**Exercise goal**
Below are the records; copy each line in them that holds the word "bare".

Collection entries
:::

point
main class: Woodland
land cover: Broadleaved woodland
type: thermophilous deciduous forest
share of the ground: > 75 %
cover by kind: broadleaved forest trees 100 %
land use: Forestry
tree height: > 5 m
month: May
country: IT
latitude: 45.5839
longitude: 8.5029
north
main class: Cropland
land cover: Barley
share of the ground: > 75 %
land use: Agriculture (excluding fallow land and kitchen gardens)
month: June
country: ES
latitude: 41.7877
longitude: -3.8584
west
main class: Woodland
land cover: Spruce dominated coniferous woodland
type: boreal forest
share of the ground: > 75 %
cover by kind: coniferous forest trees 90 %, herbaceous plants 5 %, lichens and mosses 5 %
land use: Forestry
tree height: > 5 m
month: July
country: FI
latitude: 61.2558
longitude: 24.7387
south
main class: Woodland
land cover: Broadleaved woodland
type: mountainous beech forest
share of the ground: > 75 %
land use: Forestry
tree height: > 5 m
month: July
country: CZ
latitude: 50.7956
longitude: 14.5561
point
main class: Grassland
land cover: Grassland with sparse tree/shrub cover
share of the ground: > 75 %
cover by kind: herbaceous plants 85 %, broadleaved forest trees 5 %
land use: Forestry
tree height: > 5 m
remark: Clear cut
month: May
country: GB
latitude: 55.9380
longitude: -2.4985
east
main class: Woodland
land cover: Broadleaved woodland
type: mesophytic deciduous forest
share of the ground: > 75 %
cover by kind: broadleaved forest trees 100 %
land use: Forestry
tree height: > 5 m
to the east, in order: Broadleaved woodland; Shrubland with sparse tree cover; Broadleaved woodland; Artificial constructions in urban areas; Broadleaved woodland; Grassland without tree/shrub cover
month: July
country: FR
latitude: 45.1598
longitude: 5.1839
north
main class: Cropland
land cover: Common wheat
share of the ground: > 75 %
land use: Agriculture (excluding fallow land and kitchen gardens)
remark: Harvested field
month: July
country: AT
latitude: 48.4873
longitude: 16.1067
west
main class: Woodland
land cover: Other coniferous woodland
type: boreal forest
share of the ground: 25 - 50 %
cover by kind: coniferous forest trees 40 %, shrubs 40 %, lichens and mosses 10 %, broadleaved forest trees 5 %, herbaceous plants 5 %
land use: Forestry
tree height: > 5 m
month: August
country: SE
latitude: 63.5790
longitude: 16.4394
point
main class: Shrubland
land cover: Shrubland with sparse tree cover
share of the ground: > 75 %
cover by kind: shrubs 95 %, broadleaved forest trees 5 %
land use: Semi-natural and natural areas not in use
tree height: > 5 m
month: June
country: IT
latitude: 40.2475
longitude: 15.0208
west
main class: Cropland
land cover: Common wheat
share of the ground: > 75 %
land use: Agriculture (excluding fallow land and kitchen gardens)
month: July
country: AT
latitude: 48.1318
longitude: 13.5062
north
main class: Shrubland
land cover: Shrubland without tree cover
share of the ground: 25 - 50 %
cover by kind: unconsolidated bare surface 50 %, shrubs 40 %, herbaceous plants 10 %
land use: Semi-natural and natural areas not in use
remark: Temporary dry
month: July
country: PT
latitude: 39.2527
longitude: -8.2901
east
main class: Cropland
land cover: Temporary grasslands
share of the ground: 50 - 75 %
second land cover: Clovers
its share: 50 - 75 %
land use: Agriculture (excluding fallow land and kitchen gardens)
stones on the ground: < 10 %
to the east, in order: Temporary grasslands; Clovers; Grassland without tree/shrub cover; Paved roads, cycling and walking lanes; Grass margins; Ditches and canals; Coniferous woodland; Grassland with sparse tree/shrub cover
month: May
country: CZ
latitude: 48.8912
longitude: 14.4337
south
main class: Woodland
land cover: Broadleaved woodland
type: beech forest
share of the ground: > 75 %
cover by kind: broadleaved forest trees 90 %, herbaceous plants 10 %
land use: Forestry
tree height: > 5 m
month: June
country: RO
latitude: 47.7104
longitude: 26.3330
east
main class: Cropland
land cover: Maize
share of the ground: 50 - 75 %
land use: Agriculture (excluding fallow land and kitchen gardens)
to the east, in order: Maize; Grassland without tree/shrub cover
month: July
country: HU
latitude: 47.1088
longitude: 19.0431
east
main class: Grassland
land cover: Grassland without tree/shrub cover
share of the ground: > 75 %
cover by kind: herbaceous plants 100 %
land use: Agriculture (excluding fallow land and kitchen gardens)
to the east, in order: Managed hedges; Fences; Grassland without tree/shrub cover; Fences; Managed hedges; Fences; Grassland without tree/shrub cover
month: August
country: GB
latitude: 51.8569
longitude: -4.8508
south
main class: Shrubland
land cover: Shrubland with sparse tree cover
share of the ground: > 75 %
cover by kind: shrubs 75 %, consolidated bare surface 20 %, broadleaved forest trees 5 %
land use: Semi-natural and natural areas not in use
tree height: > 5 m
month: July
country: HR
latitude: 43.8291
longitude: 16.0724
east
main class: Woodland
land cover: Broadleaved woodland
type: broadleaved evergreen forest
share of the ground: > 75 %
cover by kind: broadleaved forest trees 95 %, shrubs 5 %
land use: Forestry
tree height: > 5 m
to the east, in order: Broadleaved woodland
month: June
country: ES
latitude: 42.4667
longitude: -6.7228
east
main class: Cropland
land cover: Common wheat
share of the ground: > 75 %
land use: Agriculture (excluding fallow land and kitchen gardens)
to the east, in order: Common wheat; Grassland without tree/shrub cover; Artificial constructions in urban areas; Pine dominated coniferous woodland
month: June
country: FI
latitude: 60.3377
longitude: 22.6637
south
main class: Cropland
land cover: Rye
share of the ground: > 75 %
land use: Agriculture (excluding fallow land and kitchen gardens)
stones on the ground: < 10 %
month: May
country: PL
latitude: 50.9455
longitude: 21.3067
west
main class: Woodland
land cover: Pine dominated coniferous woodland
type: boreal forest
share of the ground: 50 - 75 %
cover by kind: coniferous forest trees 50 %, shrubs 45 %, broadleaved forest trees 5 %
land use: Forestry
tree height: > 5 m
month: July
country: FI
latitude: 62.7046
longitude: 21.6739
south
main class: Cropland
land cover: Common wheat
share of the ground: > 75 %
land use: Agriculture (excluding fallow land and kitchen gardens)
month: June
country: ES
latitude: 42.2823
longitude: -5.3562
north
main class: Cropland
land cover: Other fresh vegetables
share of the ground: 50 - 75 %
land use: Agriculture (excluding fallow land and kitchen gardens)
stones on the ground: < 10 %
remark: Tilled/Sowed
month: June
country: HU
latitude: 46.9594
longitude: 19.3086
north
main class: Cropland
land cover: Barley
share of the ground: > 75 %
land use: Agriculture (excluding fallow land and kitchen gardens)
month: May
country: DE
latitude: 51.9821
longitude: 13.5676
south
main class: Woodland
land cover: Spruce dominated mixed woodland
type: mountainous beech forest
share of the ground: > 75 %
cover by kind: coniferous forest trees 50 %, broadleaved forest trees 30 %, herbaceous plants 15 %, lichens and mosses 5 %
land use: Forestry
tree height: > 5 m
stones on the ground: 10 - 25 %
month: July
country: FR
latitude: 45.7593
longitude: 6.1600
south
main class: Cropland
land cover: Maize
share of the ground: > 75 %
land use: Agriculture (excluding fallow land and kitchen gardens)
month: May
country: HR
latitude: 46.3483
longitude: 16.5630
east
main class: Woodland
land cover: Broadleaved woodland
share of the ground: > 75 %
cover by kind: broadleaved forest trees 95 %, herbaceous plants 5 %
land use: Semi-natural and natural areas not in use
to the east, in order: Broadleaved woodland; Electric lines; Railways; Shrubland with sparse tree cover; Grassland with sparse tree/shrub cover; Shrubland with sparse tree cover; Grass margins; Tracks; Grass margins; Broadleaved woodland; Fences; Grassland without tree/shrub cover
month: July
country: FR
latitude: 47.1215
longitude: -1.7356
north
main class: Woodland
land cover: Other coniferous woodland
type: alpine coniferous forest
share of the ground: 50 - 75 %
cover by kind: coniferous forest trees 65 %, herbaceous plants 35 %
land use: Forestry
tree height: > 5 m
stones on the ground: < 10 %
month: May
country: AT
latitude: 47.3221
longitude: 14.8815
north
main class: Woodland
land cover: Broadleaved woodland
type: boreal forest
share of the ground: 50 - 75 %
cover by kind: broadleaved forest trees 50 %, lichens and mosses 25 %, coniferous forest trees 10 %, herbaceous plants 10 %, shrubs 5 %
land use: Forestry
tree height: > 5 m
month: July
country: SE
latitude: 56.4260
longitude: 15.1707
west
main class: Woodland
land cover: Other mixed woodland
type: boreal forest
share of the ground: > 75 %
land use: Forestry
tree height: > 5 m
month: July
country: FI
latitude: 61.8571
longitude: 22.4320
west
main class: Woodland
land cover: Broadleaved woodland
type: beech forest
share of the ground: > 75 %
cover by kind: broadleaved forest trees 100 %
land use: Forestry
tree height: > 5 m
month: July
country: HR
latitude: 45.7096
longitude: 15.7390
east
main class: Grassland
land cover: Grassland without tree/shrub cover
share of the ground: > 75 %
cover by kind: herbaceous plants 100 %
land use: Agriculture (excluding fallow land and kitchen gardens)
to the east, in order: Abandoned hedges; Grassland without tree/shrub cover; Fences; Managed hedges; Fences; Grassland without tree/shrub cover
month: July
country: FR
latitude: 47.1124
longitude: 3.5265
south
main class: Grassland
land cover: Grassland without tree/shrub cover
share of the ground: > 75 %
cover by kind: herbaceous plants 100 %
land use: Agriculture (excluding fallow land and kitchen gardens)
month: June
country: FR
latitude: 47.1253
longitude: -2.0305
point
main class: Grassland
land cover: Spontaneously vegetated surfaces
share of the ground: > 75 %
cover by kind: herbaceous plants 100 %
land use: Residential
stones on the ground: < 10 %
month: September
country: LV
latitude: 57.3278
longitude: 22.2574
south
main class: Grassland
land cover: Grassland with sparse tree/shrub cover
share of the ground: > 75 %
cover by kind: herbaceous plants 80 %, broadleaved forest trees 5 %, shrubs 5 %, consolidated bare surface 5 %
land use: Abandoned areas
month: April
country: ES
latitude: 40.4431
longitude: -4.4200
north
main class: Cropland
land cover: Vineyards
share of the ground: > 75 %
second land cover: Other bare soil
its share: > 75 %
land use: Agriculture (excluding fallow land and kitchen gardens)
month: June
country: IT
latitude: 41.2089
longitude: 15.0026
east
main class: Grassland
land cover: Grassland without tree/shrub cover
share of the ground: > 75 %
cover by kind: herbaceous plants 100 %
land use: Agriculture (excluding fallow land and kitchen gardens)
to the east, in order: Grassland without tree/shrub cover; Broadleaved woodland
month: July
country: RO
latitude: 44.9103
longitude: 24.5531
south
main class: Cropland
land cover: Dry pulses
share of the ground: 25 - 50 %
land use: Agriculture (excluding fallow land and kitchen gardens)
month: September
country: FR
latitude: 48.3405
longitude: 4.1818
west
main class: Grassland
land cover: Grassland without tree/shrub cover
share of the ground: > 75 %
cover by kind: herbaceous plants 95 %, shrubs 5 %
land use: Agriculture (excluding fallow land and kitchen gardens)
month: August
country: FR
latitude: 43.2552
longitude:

:::

**Response to the exercise**
cover by kind: unconsolidated bare surface 50 %, shrubs 40 %, herbaceous plants 10 %
cover by kind: shrubs 75 %, consolidated bare surface 20 %, broadleaved forest trees 5 %
cover by kind: herbaceous plants 80 %, broadleaved forest trees 5 %, shrubs 5 %, consolidated bare surface 5 %
second land cover: Other bare soil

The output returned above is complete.